When I see young black single mothers I feel so much sadness for them, they do not realise that this is exactly where black men want us. They abandon us with kids which makes it even harder for us to attract quality mates. Let's face it, most men when looking for a companion, prefer women who don't have kids.
The reason why those black men where hostile towards you is because they're jealous. You are out there enjoying life, not stuck at home raising their kids and living off welfare. The black man believes that a black woman doesn't deserves to be happy and well off, it's that simple. But then again I can be wrong, like I said, it's just a theory that I have.

Dee Dee Russell said...

@maria cummings wrote "The reason why those black men where hostile towards you is because they're jealous. You are out there enjoying life, not stuck at home raising their kids and living off welfare. The black man believes that a black woman doesn't deserves to be happy and well off, it's that simple. But then again I can be wrong, like I said, it's just a theory that I have."

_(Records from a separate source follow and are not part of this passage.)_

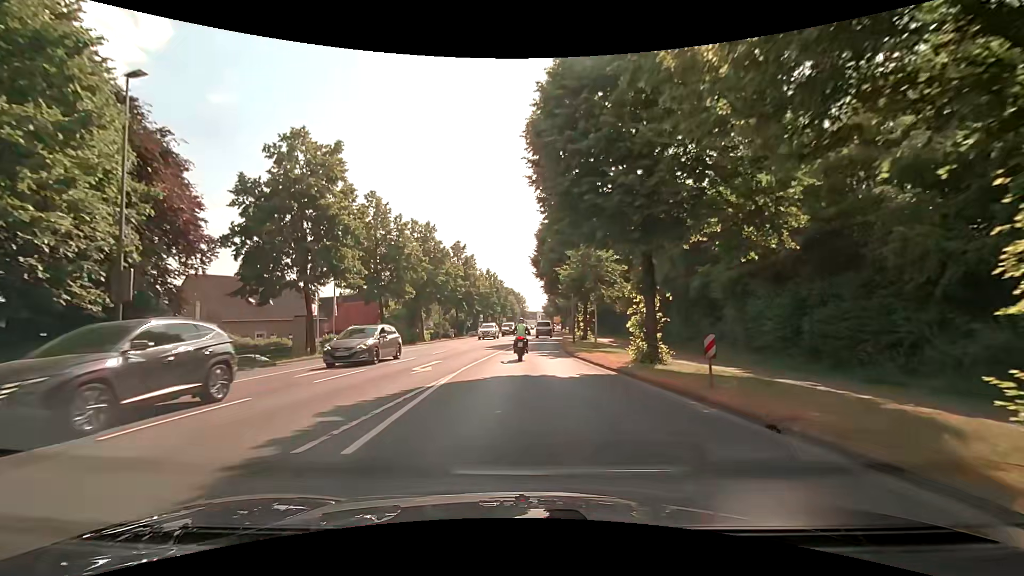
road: secondary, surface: asphalt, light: Day
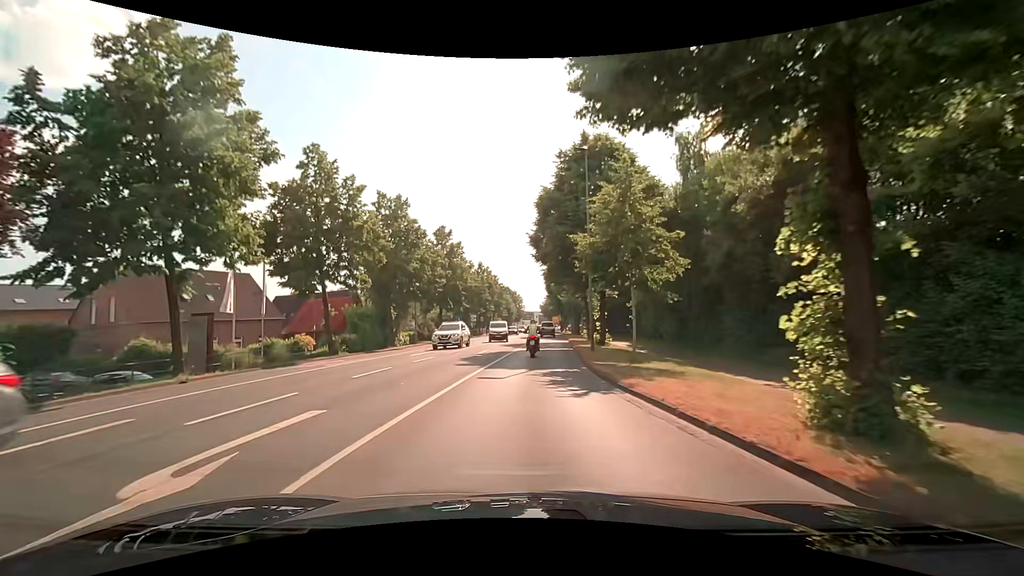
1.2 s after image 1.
(0.0, +11.2) m; 0°
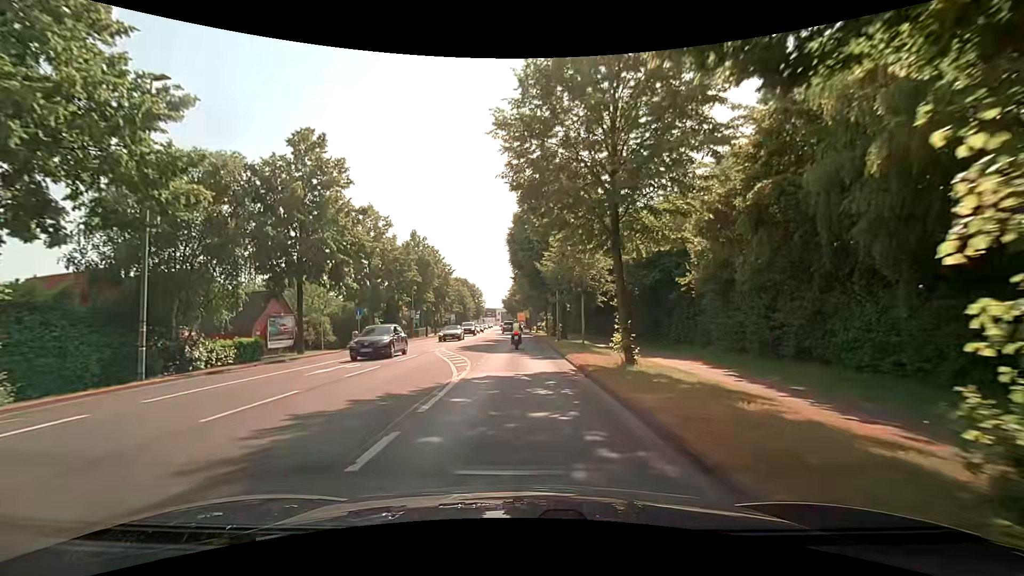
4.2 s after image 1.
(+1.1, +29.6) m; +5°
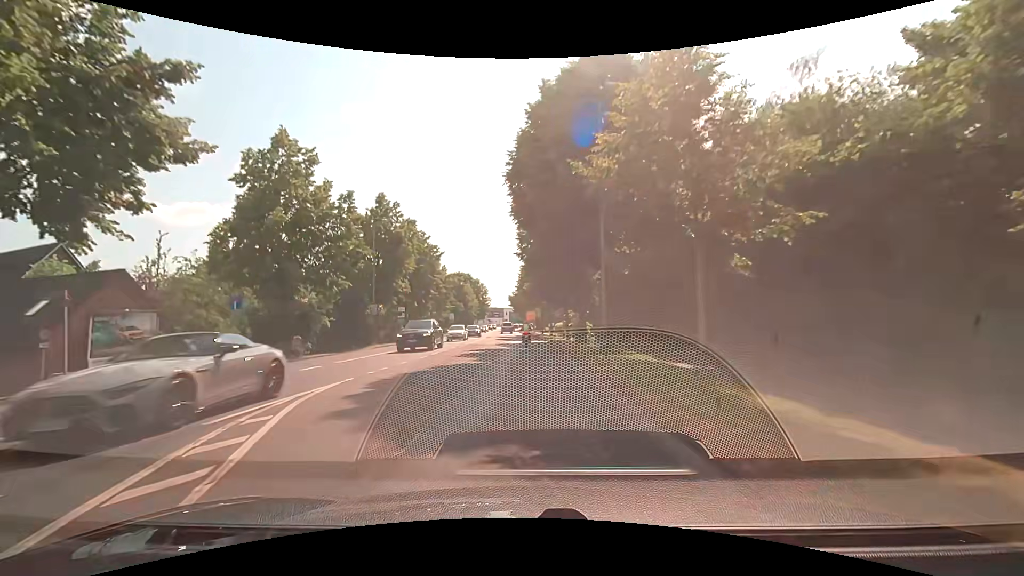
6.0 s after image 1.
(-0.2, +18.4) m; -2°
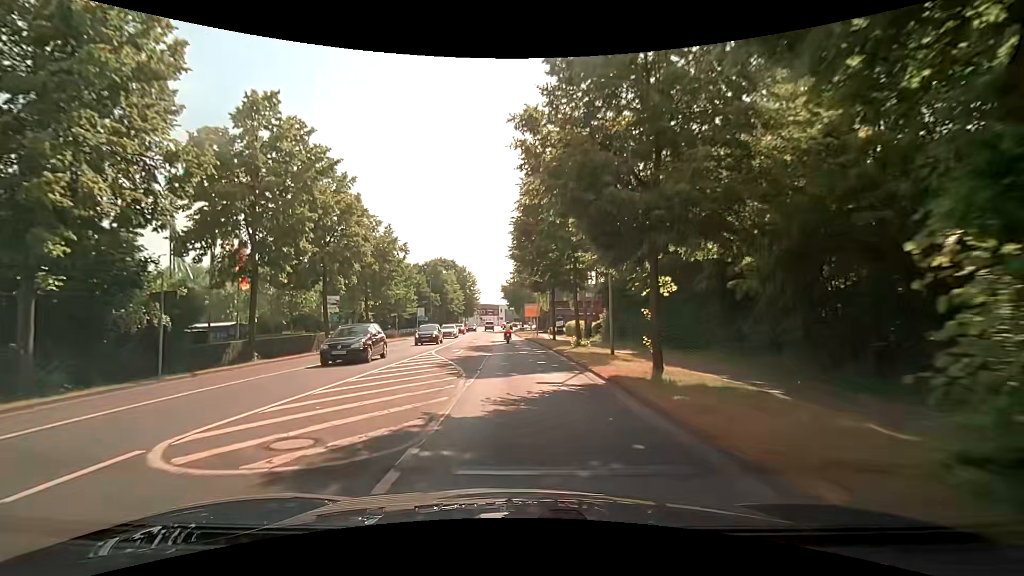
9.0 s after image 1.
(+0.4, +31.3) m; +1°
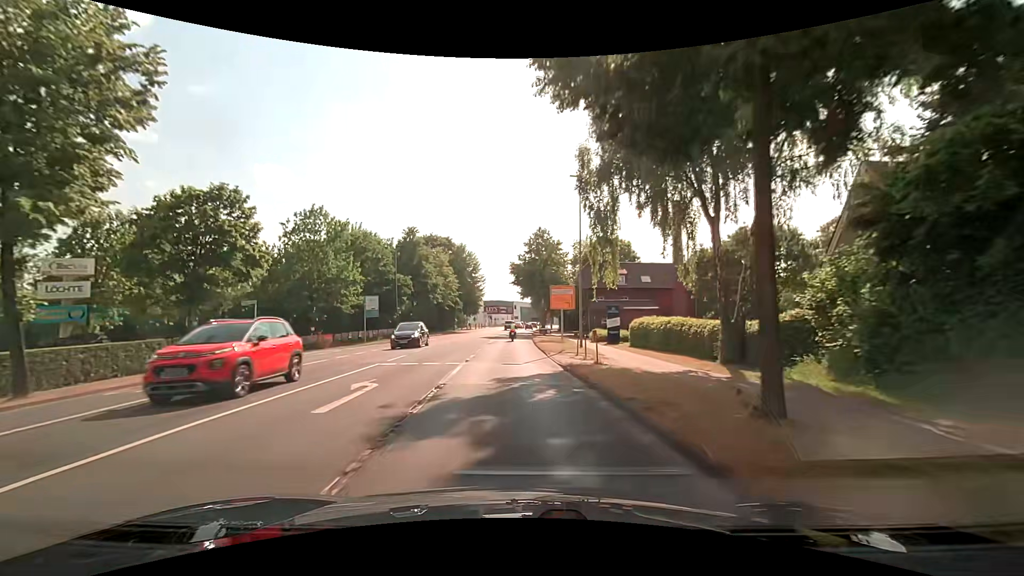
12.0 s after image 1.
(-0.5, +33.8) m; -2°
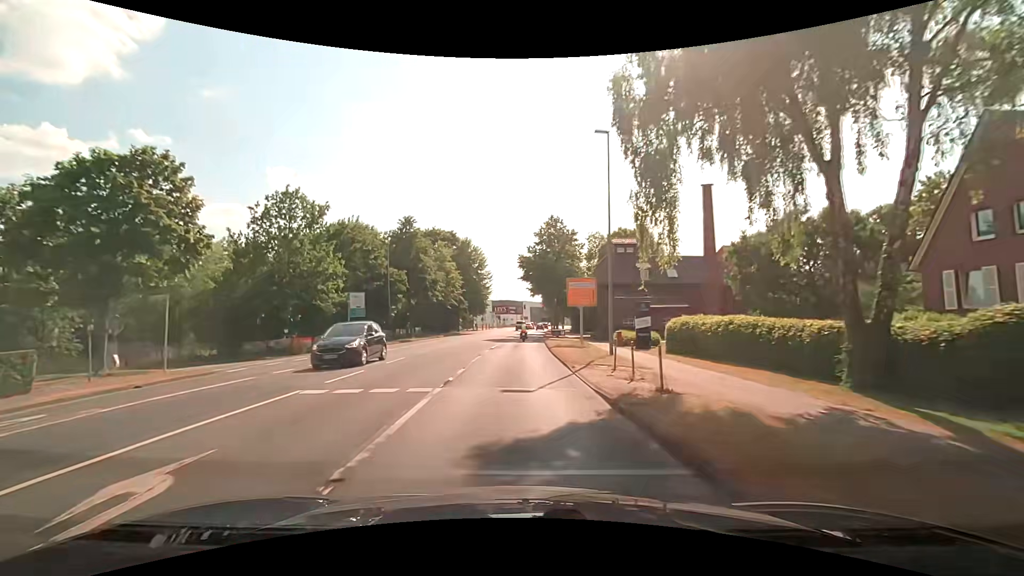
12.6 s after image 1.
(0.0, +7.0) m; -1°
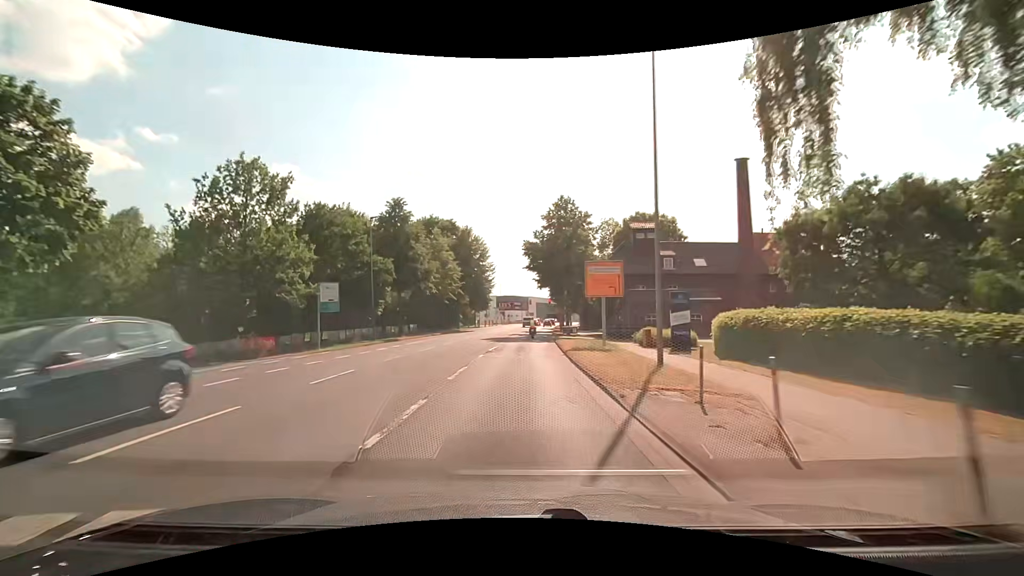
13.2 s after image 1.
(0.0, +7.0) m; -1°
(0, +10) (0, +20) (0, +30) (+1, +40) (+1, +50) (+1, +60) (+2, +70) (+3, +80) (+3, +90) (+4, +100) m

I have carried these same beliefs. My city has a very small Black population and of that small number half of the men are homosexual and STILL the scant BM here that come in contact with me try to give me some sort of hell. I have just had a conversation with a BM friend about it he says they're jealous but it's so ridiculous and annoying to see men act in such a lousy fashion.

GlitterandRoses said...

I caught onto this sometime ago. I had a white girlfriend who I am no longer friends with, who was into dating black guys. She'd always want to go to the most ghetto clubs where she knew it would be crawling with them, whereas I preferred more up scale places. She had the nerve to tell me that I'm better off going to clubs where there's more black men because I was more likely to get a date HA!

You mean the same black men that are more interested in dating white girls such as herself, those are the men that are 'more likely' to date me, really?

One of the guys she dated ended up in jail for murder...need I say more.